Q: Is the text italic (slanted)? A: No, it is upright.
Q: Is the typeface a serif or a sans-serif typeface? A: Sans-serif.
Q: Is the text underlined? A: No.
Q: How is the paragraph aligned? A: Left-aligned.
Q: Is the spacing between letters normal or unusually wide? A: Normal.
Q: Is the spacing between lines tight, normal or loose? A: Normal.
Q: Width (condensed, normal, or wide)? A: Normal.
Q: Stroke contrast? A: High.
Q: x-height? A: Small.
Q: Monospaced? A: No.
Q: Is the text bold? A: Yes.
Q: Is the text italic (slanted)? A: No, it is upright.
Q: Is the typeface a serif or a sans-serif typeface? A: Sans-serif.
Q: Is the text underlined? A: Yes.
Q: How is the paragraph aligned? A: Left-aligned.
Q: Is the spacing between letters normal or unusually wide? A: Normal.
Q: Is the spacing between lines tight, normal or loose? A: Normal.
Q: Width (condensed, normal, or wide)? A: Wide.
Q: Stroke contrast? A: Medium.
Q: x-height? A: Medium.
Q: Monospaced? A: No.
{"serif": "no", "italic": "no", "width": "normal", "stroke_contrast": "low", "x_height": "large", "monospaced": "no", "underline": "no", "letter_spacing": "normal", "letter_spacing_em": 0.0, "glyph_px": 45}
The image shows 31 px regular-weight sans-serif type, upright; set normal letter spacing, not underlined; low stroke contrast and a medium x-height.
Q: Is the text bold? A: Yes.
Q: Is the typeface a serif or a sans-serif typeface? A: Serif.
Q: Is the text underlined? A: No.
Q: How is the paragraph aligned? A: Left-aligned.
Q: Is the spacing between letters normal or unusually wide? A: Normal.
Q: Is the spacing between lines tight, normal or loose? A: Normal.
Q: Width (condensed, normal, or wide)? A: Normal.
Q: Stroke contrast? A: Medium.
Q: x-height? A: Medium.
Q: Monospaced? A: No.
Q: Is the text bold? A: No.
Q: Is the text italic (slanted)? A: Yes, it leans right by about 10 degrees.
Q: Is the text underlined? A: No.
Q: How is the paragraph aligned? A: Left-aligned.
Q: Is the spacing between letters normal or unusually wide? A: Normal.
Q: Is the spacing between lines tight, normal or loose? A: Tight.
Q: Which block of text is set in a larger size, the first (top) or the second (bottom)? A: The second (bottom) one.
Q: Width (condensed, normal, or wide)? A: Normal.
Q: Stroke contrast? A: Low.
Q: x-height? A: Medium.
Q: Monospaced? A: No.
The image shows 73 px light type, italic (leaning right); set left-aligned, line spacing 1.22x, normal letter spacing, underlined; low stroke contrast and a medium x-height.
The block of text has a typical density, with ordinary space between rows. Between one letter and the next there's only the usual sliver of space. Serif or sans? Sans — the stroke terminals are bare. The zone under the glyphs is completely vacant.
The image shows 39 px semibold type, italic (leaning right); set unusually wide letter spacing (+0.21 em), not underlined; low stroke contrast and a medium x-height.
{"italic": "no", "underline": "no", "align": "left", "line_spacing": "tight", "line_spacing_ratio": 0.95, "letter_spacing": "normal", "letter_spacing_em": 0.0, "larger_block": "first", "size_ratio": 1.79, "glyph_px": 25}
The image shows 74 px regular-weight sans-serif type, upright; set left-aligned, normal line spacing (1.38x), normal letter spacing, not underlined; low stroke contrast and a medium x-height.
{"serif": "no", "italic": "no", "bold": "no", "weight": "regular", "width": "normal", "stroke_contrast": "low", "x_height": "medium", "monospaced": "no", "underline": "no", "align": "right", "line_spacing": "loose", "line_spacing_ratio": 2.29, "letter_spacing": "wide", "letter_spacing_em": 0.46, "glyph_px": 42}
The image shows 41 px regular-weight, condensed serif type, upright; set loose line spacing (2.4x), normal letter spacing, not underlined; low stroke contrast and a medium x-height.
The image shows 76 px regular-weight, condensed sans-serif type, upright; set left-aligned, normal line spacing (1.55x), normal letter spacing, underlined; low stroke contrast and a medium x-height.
========
Going through the records above, state how many lines carry "first", with no other text.

2